Turning to the field of construction, we note that the world’s tallest building in 1859 was Strasbourg Cathedral, which used the same stone-on-stone construction method as the Pyramids and the Parthenon. Several other cathedrals, which were in various stages of completion, progressively took the title of world’s tallest building: the Church of St Nicholas, in Hamburg, in 1874; Rouen Cathedral in 1876, and Cologne Cathedral in 1880. But the Eiffel Tower, completed in 1889, presaged the emergence of tall wrought iron or steel-framed buildings. This construction method, which resulted in buildings known as skyscrapers, completely revolutionized the speed at which buildings were completed and their attainable height. The Empire State Building, with a roof height of 1250 feet, was well over double the height of the tallest cathedrals, and this immense building was completed in 1931 after a construction period of less than two years.
The third technological area is ocean-going transport. The age of sail commenced in antiquity. King Solomon maintained a fleet of ships (1 Kings 9) and the ancient Phoenicians were well-known for their seafaring prowess.
But the crowning achievement of the age of sail—the fastest ships of all—were the tea clippers. An early clipper, the Rainbow, was considered a revolution in naval architecture when it was built in 1845. Its performance in the water was in keeping with its sleek lines, easily outpacing all other ships then in service. (In fact, tea clippers may have been the only ships in history that could outpace the highway traffic of their era; the fastest transatlantic crossing by a clipper was completed at an average speed nearly twenty percent faster than a horse and carriage could average on a good road.) The most famous tea clipper, Cutty Sark, was launched in 1869 (which, incidentally, was ten years after the publication of Origin). Of course, a real revolution was in the offing; by the 1870s, steamships, which, unlike the tea clippers, could utilize the Suez Canal, were voyaging from China to Britain in just over 50 days. This slashed the 90–100 day period of the fastest tea clipper passages.
Both Newton’s and Darwin’s theories were like tea clippers—apparently revolutionary, they were actually the last and highest forms of ancient templates, all of which were about to be overrun by far larger revolutions. The notion that Darwin followed the template of the Greeks is widely accepted.[4] Edward Clodd, cited earlier, wrote Pioneers of Evolution From Thales to Huxley (1897),[5] and Henry Fairfield Osborn, Professor of Zoology at Columbia University, wrote From the Greeks to Darwin: An Outline of the Development of the Evolution Idea (1894).

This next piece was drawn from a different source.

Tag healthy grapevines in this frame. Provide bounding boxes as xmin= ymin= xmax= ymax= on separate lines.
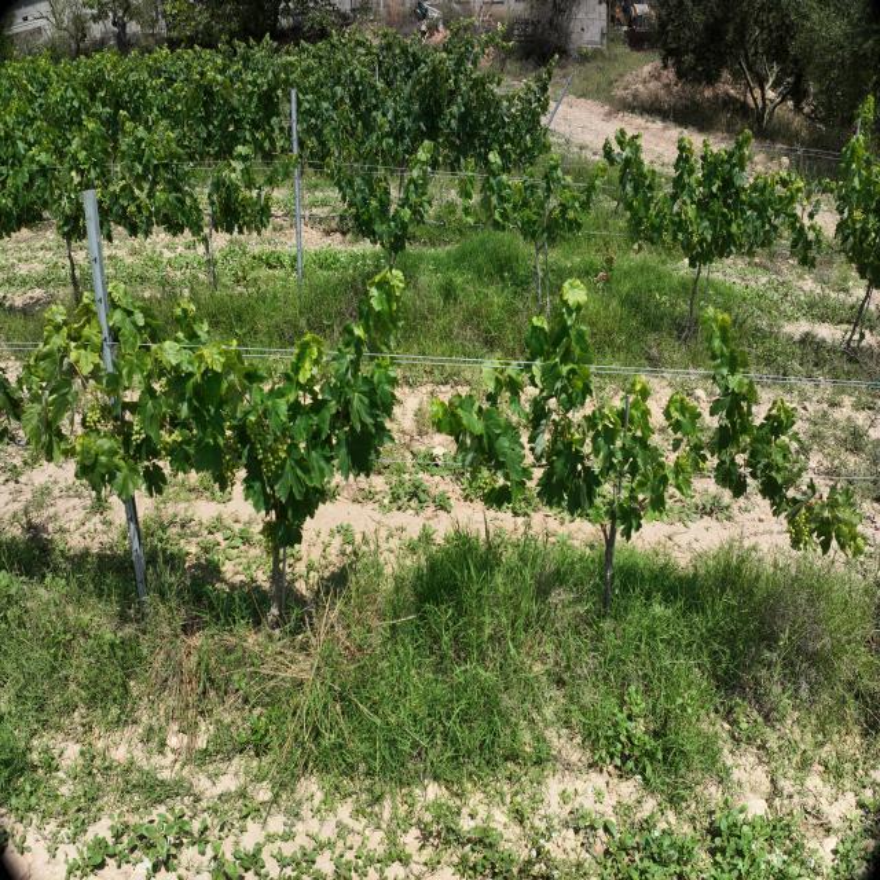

But regarding timing, we can go further and say that Newton’s laws of gravitation and motion were like the Rainbow, which entered service decades before the Suez Canal opened and the steamships took over. In an analogous way, Newton’s laws, published in 1687, seemed assured, as non-Euclidean geometry was only discovered some 140 years later. Darwin’s theory of evolution by natural selection, on the other hand, is analogous to the Cutty Sark, which launched in the same year that the Suez Canal made available a shortcut to steamships. Darwin published Origin at almost exactly the time when spontaneous generation was disproven.
[1] Vallery-Radot, 1920, p. 87.
[2] Ibid., p. 88.
[3] Peretó, Bada, & Lazcano, 2009.
[4] For an alternate view see: Zuiddam, Benno (2018) “Was evolution invented by Greek philosophers?”, Journal of Creation, 32(1):68–75.
[5] Thales of Miletus was an ancient Greek philosopher.